Where the lines below hold images, skip those and copy every word exactly.

RAW DATA:
⟨

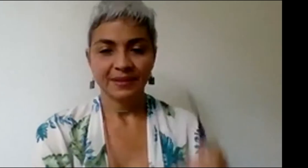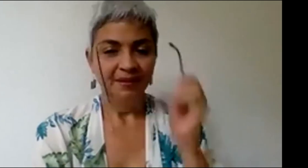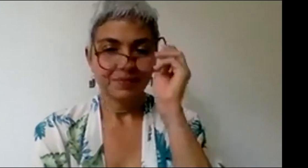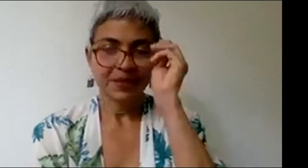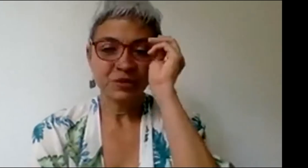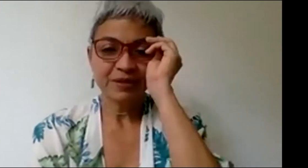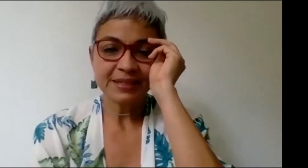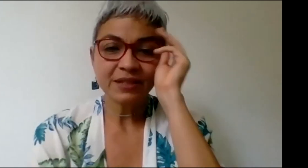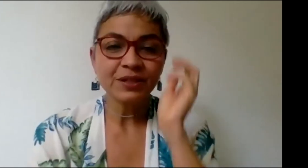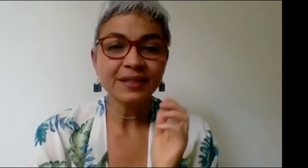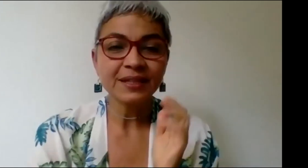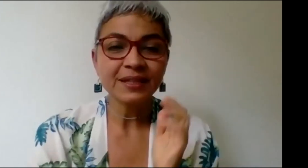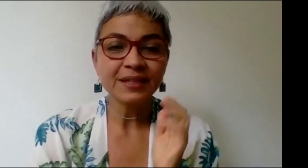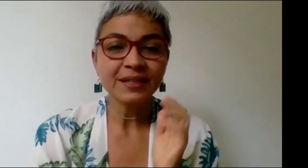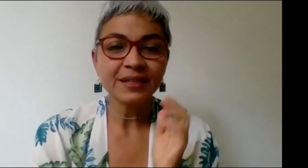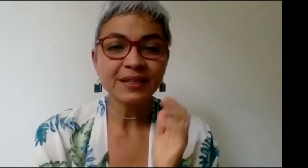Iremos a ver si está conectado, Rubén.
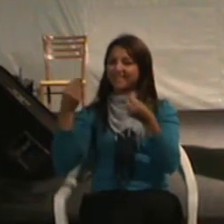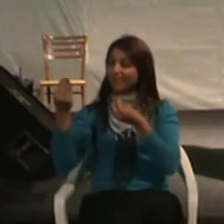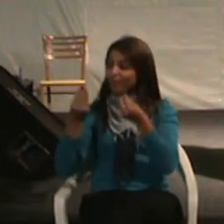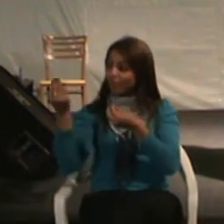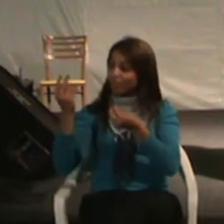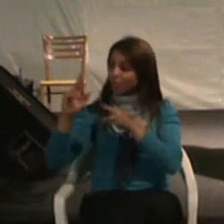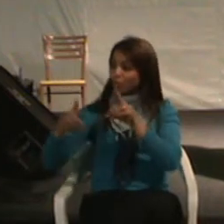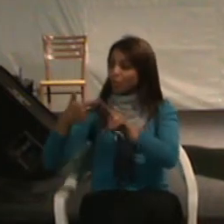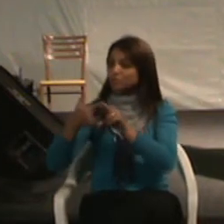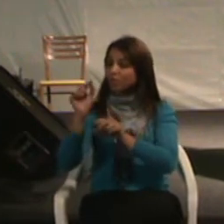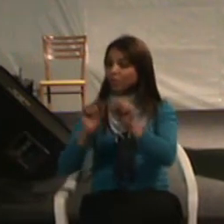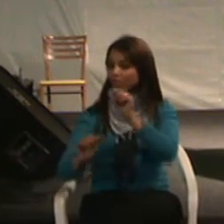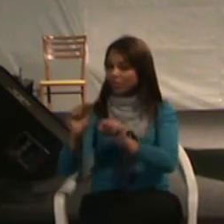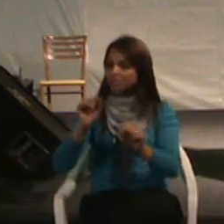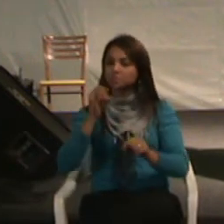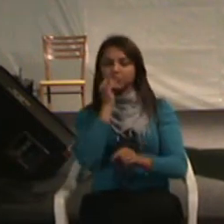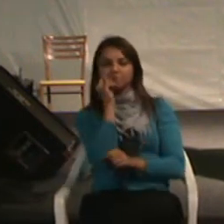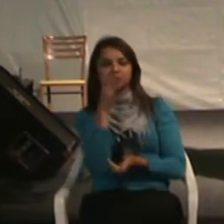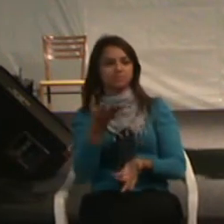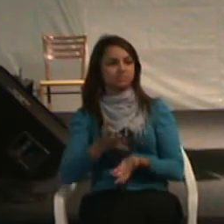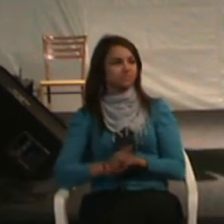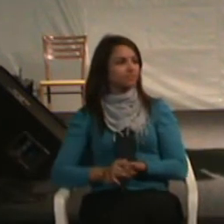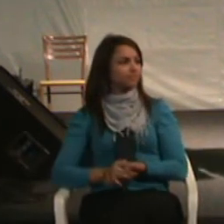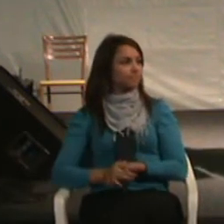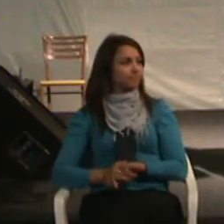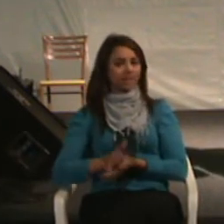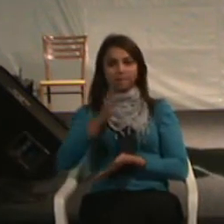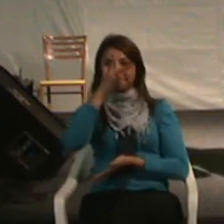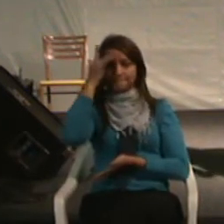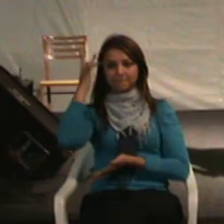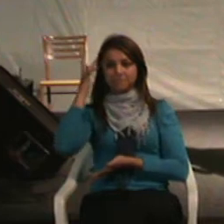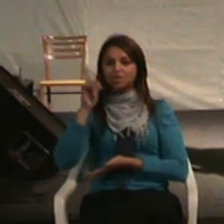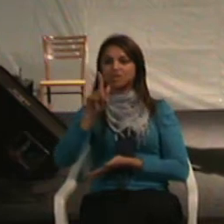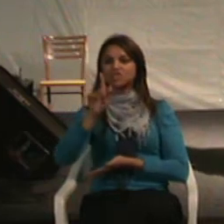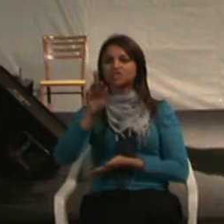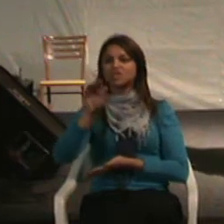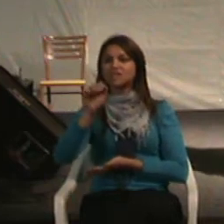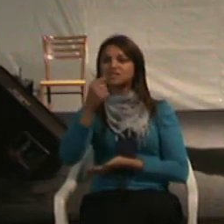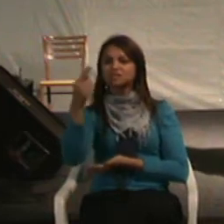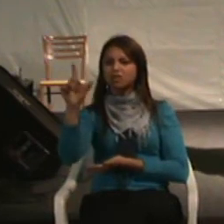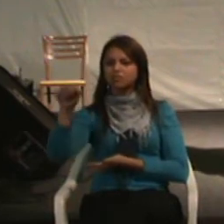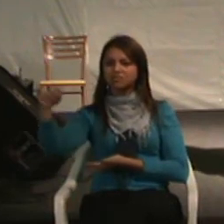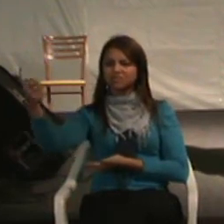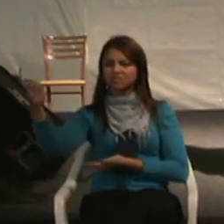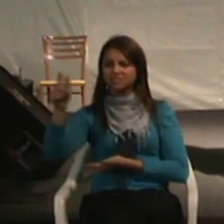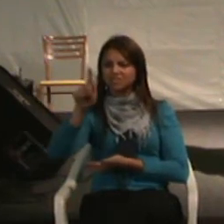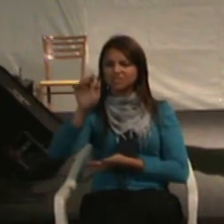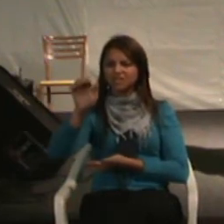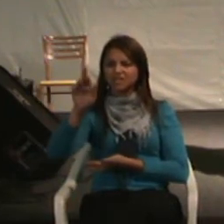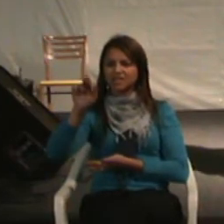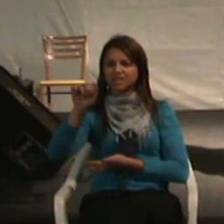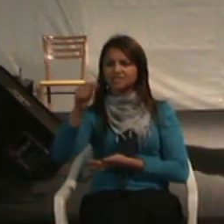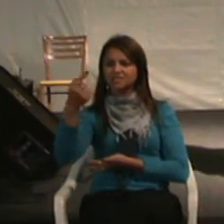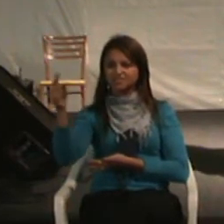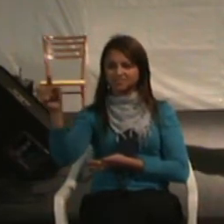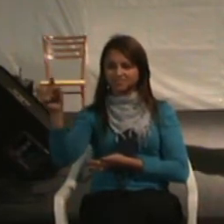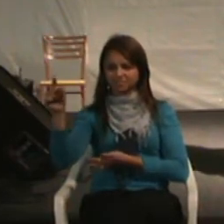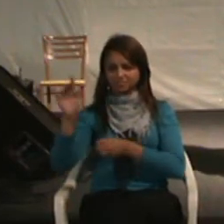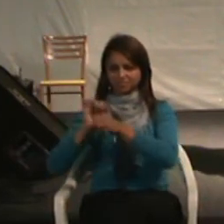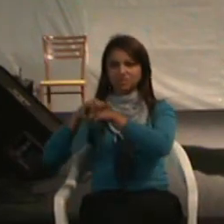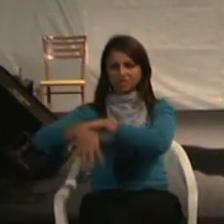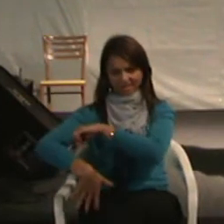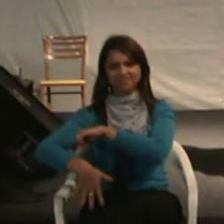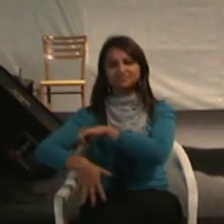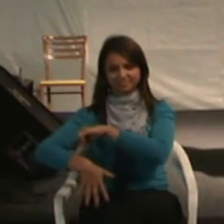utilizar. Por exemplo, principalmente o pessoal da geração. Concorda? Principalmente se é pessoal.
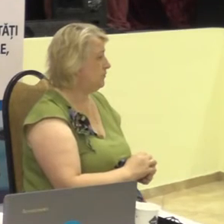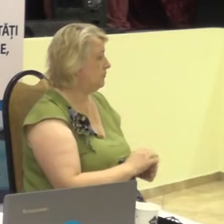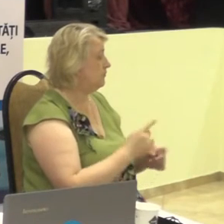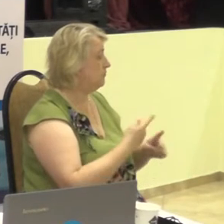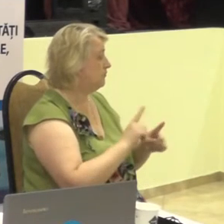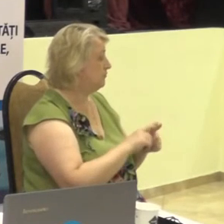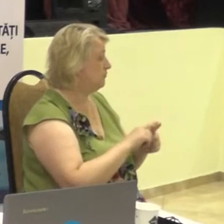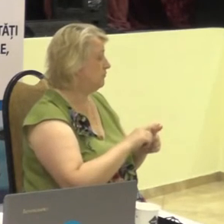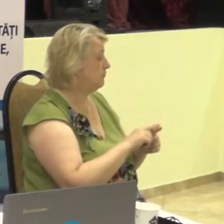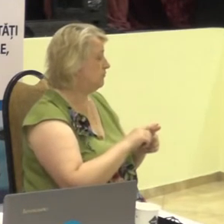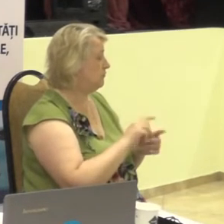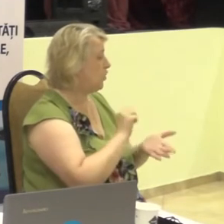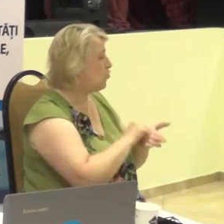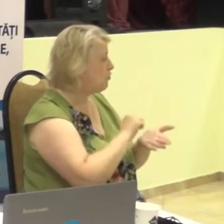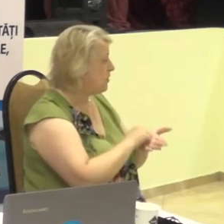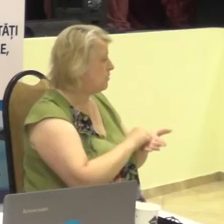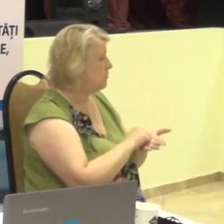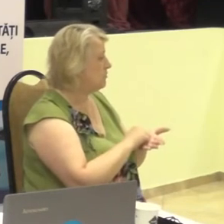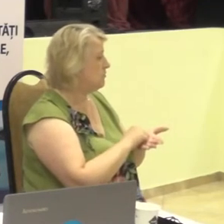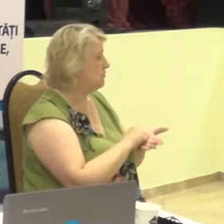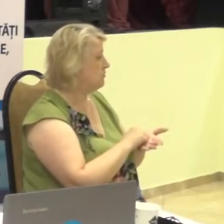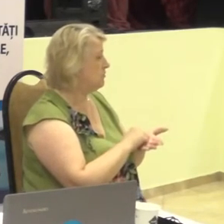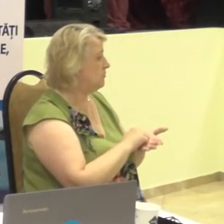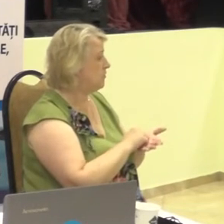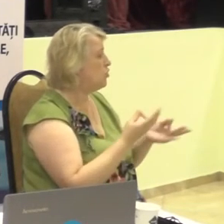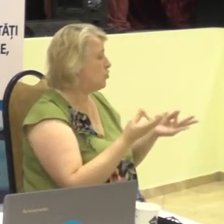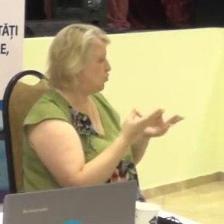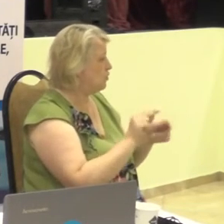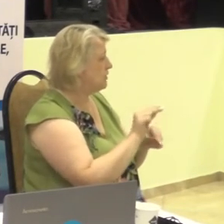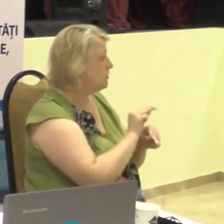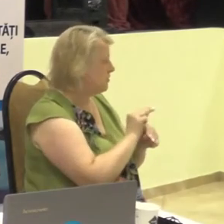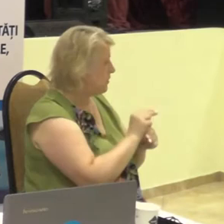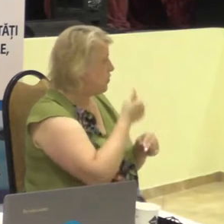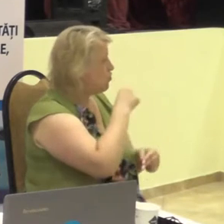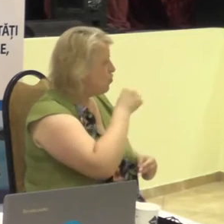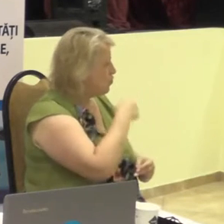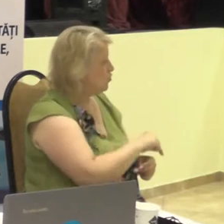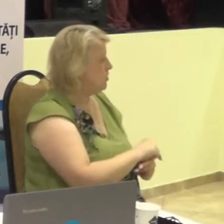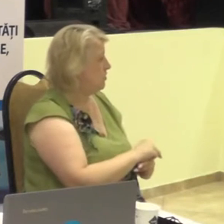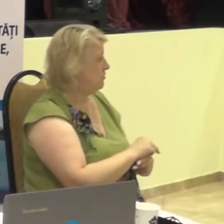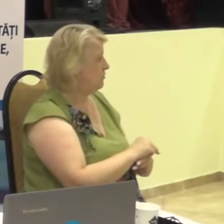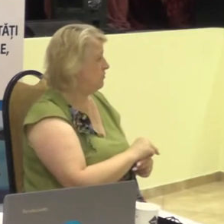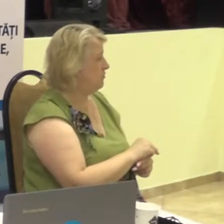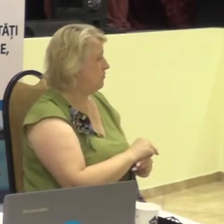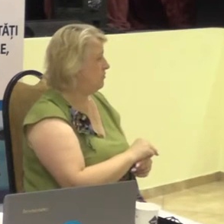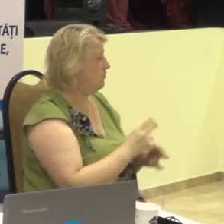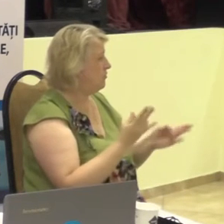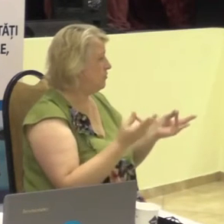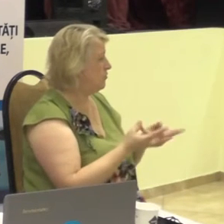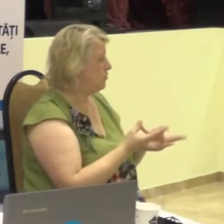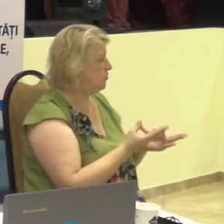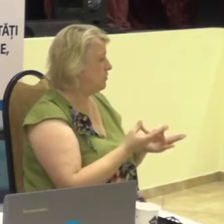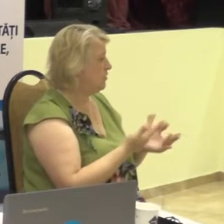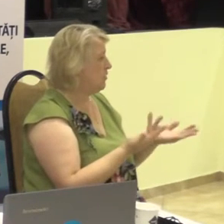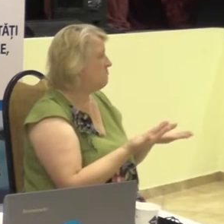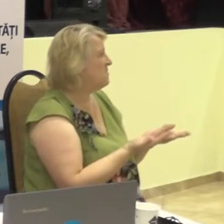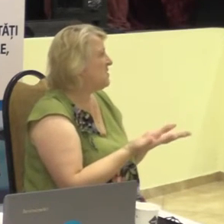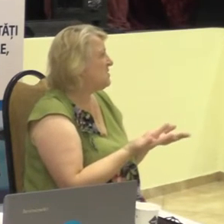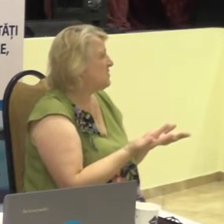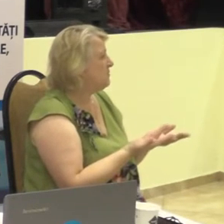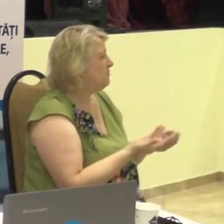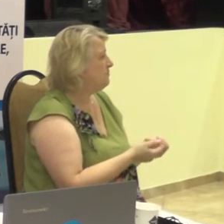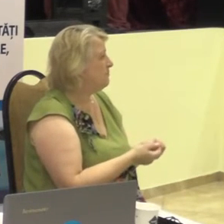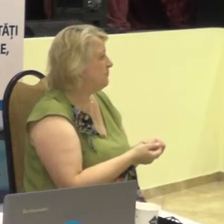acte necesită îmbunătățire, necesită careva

⟩

YOUR SOLUTION:
Iremos a ver si está conectado, Rubén.
utilizar. Por exemplo, principalmente o pessoal da geração. Concorda? Principalmente se é pessoal.
acte necesită îmbunătățire, necesită careva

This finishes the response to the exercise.